If I compile the following program with GCC and run it:
#include <stdio.h>
int main()
{
char long_string[100];
int i;
for (i = 0 ; i < 100 ; ++i)
{
printf("%d ", long_string[i]);
}
printf("\n");
return(0);
}
then I get
0 0 0 0 0 0 0 0 -1 -75 -16 0 0 0 0 0 -62 0 0 0 0 0 0 0 15 84 -42 -17 -4 127 0 0 14 84 -42 -17 -4 127 0 0 69 109 79 -50 46 127 0 0 1 0 0 0 0 0 0 0 -35 5 64 0 0 0 0 0 0 0 0 0 0 0 0 0 0 0 0 0 0 0 0 0 -112 5 64 0 0 0 0 0 80 4 64 0 0 0 0 0 16 85 -42 -17
so just the start of the string is being initialized to 0
, not the whole thing.
I'd like to look into the GCC source code to see what the policy is, but I don't know that code base well enough to know where to look.
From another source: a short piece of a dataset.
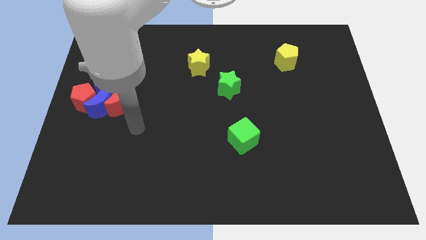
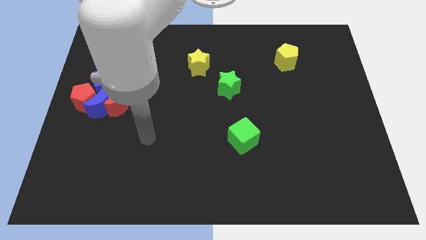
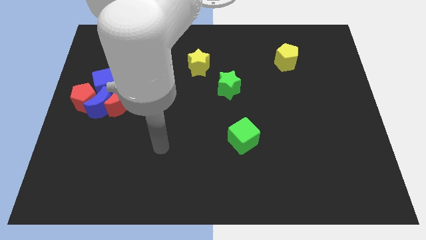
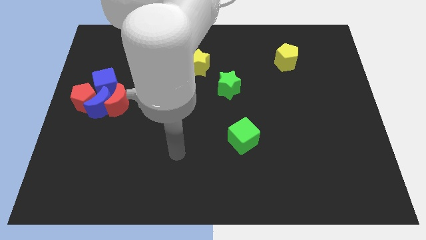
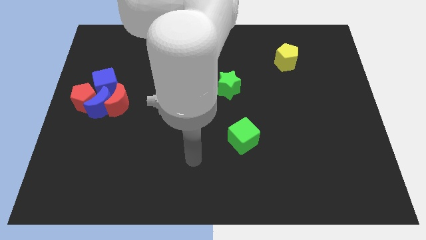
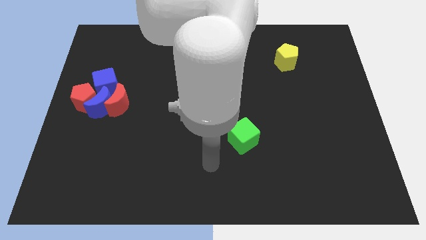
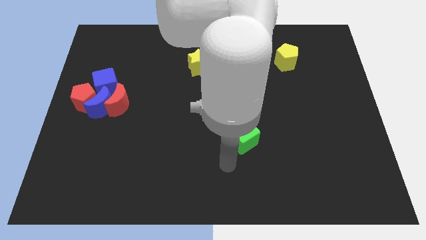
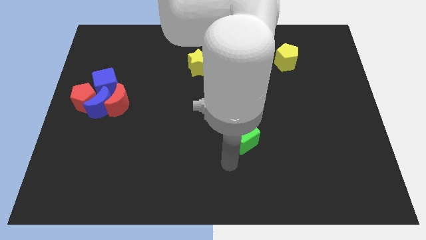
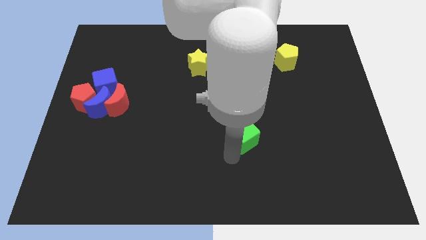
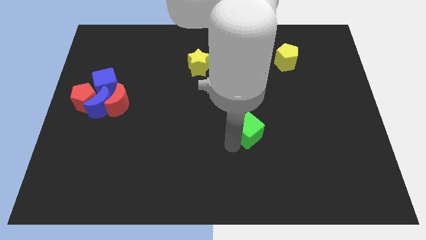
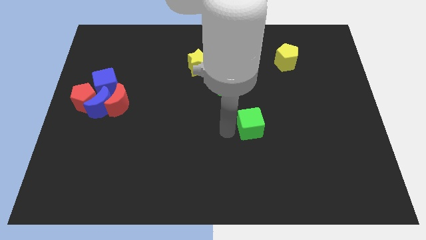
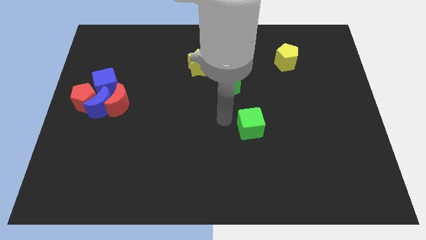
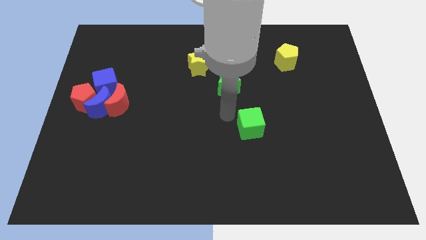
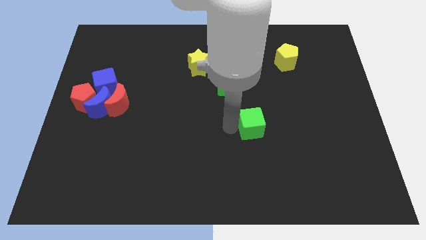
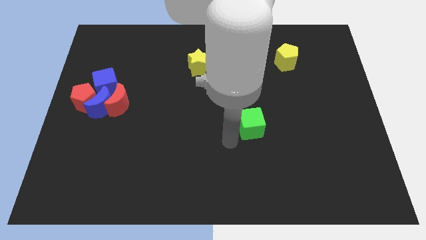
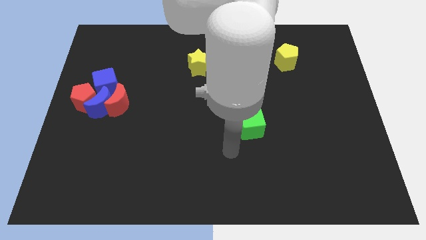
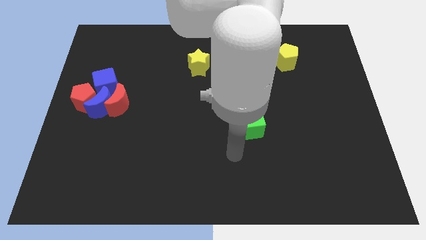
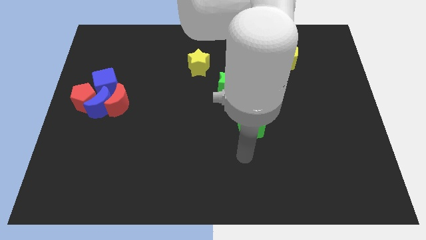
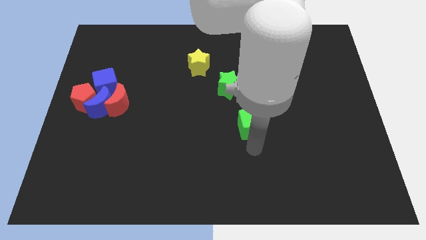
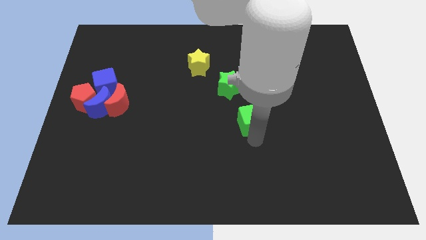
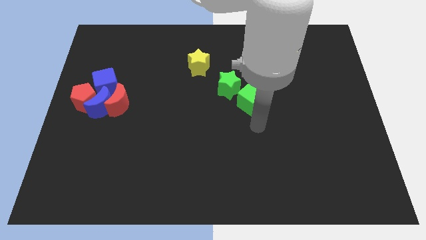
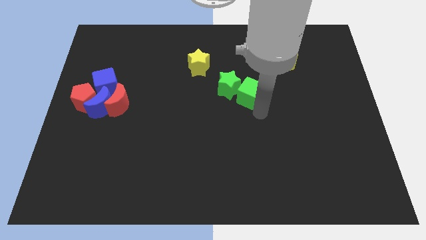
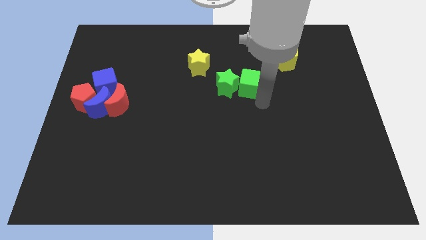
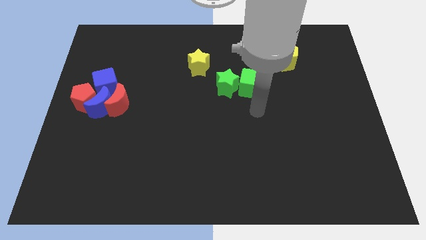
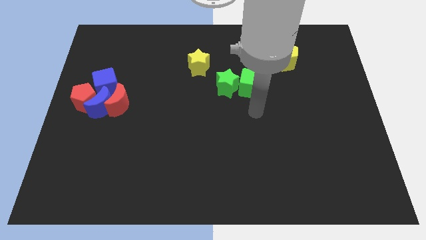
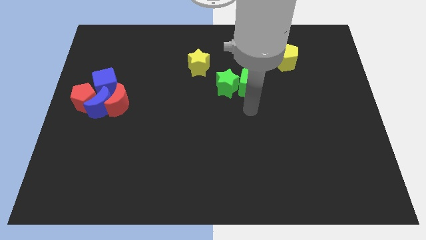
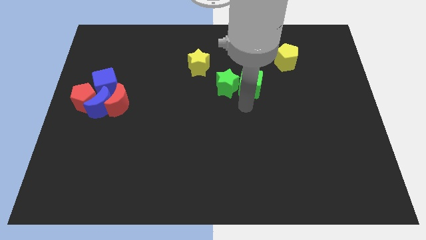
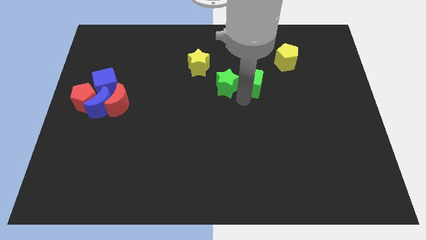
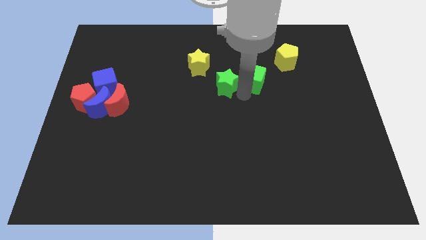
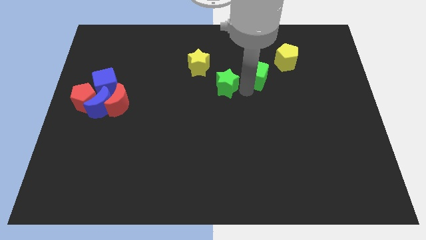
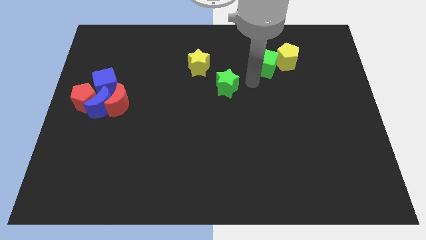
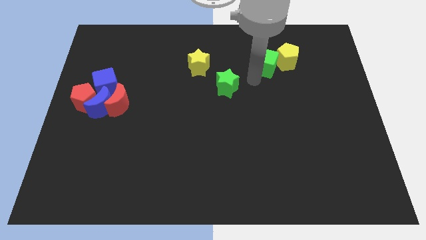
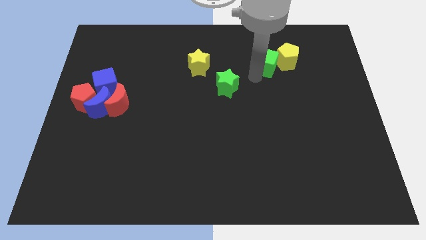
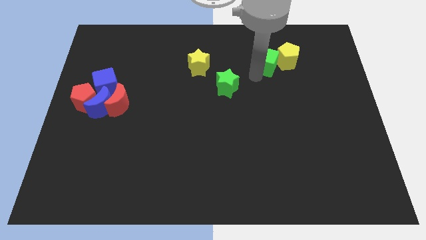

Background: My CS student turned in some work in which they declared a string to have length 1000 because "otherwise strange symbols are printed". You can probably guess why. I want to be able to give them a good answer as to why this was going on and why their "fix" worked.
Update: Thanks to those of you who gave useful answers. I've just found out that my computer prints out an empty string if the string is of length 1000, but garbage if the string is of length 960. See pts's answer for a good explanation. Of course, all this is completely system-dependent and is not part of GCC.